Title: "Efficacy of Quaratusugene Ozeplasmid TUSC2 Gene Therapy in Glioblastoma"

Collaborator: The University of Texas Health Science Center at Houston

Catalog Number: 130

Presentation Number: PB118

Genprex has filed two provisional patent applications based on data from two of the presentations. One application involves using REQORSA to treat mesothelioma and the other to treating glioblastoma. Genprex is a co-owner of the applications along with the respective institutions. TUSC2 is the tumor suppressor gene used in REQORSA. REQORSA consists of a TUSC2 gene expressing plasmid encapsulated in non-viral lipid-based nanoparticles in a lipoplex form (the Company’s Oncoprex Delivery System), which has a positive charge.
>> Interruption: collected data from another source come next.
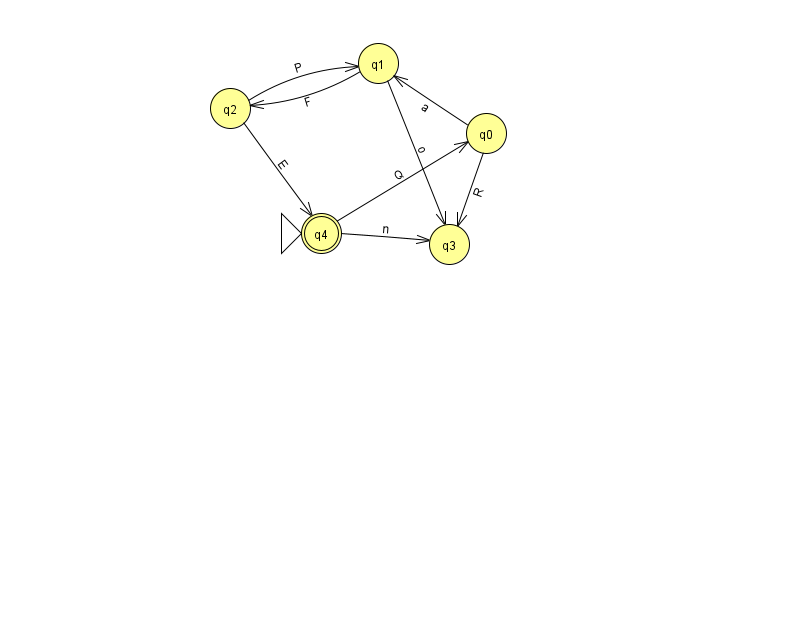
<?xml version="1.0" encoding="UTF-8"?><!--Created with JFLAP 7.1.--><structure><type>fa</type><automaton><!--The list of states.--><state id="0" name="q0"><x>486.0</x><y>120.0</y></state><state id="1" name="q1"><x>378.0</x><y>50.0</y></state><state id="2" name="q2"><x>230.0</x><y>95.0</y></state><state id="3" name="q3"><x>449.0</x><y>231.0</y></state><state id="4" name="q4"><x>321.0</x><y>220.0</y><initial/><final/></state><!--The list of transitions.--><transition><from>4</from><to>0</to><read>Q</read></transition><transition><from>1</from><to>3</to><read>o</read></transition><transition><from>2</from><to>4</to><read>E</read></transition><transition><from>0</from><to>3</to><read>R</read></transition><transition><from>4</from><to>3</to><read>n</read></transition><transition><from>0</from><to>1</to><read>a</read></transition><transition><from>1</from><to>2</to><read>F</read></transition><transition><from>2</from><to>1</to><read>P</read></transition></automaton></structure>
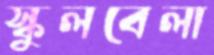
স্কুলবেলা
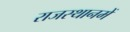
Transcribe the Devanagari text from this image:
राजस्थानमें

REQORSA is injected intravenously and specifically targets cancer cells. REQORSA is designed to deliver the functioning TUSC2 gene to negatively charged cancer cells while minimizing uptake by normal tissue. Laboratory studies conducted at MD Anderson show that the uptake of TUSC2 in tumor cells in vitro after REQORSA treatment was 10 to 33 times the uptake in normal cells.